- ≡ Hypnum fluitans Hedw., Sp. Musc. Frond. 296 (1801)
- ≡ Drepanocladus fluitans (Hedw.) Warnst., Beih. Bot. Centralbl. 13: 404 (1903)
Drepanocladus fontinaliopsis sensu Dixon (1929, p. 318); Sainsbury (1955, p. 427).
Calliergidium austro-stramineum sensu Bartlett (1984).

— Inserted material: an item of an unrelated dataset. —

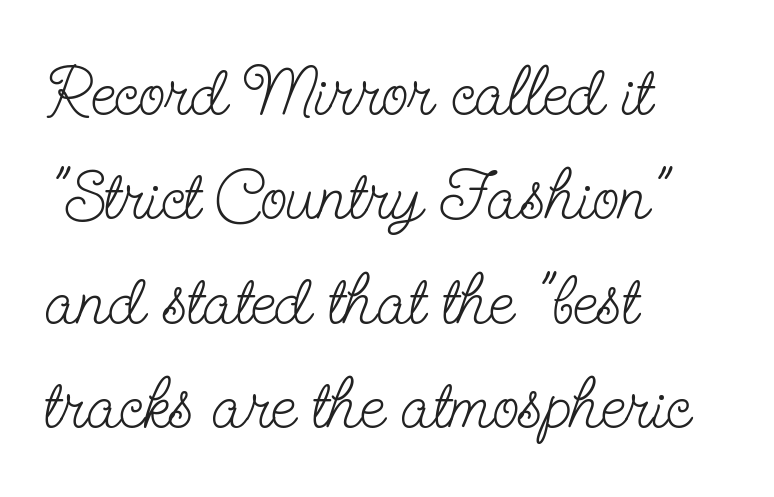
The image shows 70 px light, condensed serif type; set left-aligned, normal line spacing (1.49x), normal letter spacing, not underlined; low stroke contrast and a small x-height.

Plants medium-sized, yellow-green to dark brown-green, rarely vinaceous or straw-coloured. Stems subpinnately and radially branched, commonly from c. 20–120 mm (or longer in aquatic forms), in cross-section lacking a hyaloderm, with a distinct central strand. Leaves falcate-secund throughout or ± straight on lower stem and ± falcate-secund at tips, or rarely straight throughout, narrowly lanceolate and narrowed gradually to an acuminate apex (occasionally very slender) or rarely broadly ovate and obtuse, weakly narrowed to insertion, denticulate or rarely nearly entire near apex, concave, not or rarely weakly striolate when dry, weakly decurrent, (1.0–)2.5–3.2(–4.5) × (0.4–)0.6–0.75 mm (under cover slip); upper laminal cells linear, mostly 60–100(–120) × 5–6 µm, firm-walled, not or very weakly porose, smooth or weakly prorate, lacking or rarely with rhizoid initials; alar cells gradually differentiated and forming a medium-sized group of moderately inflated and thinner-walled cells, extending less than half-way to costal base, often with c. 6 cells more strongly inflated in the extreme angle, weakly decurrent, not or weakly auriculate, mostly pigmented but sometimes weakly so. Costa rather stout and well-defined, c. 60–70 µm wide near base, extending c. ½–¾ the leaf length, single and unbranched (rarely weak, shorter, and ± branched).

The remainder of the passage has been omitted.